這符筆一出,整個廳堂內一片嘩然,尊級的武器許多人一生都不曾見過,甚至連陸重行這樣的一家之主都還用不起尊級的武器。
可是就在所有人羨慕和瞻仰的時候,白蘇卻只是輕輕的瞟了一眼,然后對著她笑瞇瞇的說道:“難道你的周師弟沒有告訴你,我用的也是尊級武器嗎?”
白蘇說著一抖手,一陣刺眼的金光立刻讓整個廳堂都度上了一層金色。
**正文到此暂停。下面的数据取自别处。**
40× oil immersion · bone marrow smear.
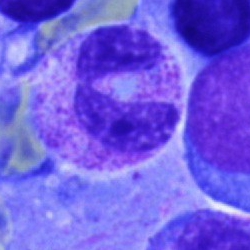 Cell — neutrophil (segmented).
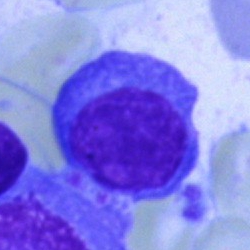Bone marrow aspirate smear, single cell — plasmacyte.
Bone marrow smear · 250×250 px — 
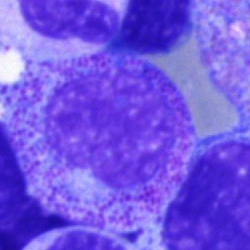 This is a myelocyte.
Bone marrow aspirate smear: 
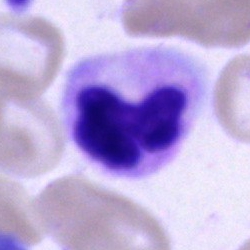
{"cell_type": "segmented neutrophil", "lineage": "myeloid"}
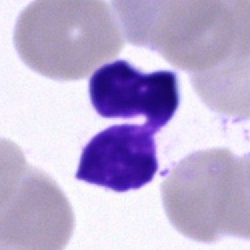Specimen: bone marrow smear.
Morphological class: neutrophil (segmented).
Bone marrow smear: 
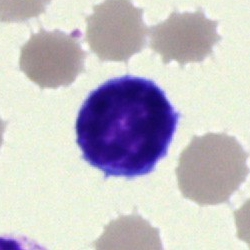 This is a lymphocyte.
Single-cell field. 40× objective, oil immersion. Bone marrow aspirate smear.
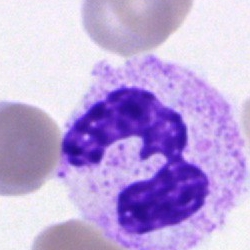The cell type is polymorphonuclear neutrophil.
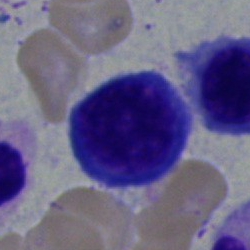 This is an erythroblast.
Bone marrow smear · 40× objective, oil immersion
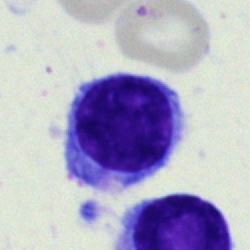

Q: Identify the cell.
A: It is a lymphocyte.
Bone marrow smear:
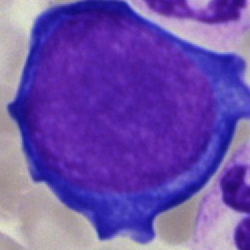 Morphology — pronormoblast.
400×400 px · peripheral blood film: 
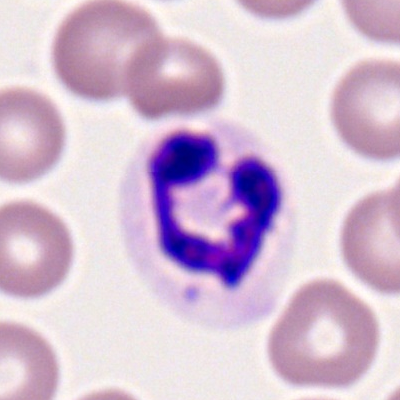Morphology consistent with a neutrophil (segmented).
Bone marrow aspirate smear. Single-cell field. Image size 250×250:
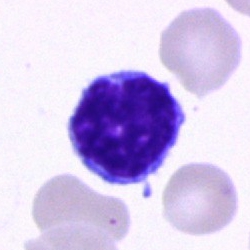This is a lymphocyte.

在場幾乎所有人都認不出白蘇手中的金鱗具體是何種等級,唯獨剛才沉默的陸重行失聲叫道:“尊級巔峰!”
如果剛才冷符的符筆讓人嘩然驚嘆,那么白蘇的金鱗卻讓整個廳堂都靜了下來,所有人心里有不約而同的冒出一個疑問,這小子到底是什么身份。
冷符的臉色也難以掩飾她的詫異,冰封許久的容顏終于動容,此時她的腦海里閃過許多對白蘇身份的猜測,可卻是毫無頭緒,不過她也不是普通角色,短暫的錯愕后,她的眼里多了一絲明悟,說道:“你就是占著這個,才破了我師弟的符陣,原來也不過如此。”
她的話明顯是在譏諷白蘇,可是白蘇卻是不置可否的說道:“占著武器,總比占著爹好。”他的話立刻引起了廳堂內的一陣嘲笑,周不群占著他老爹的事情,在整個天元境是眾所周知的。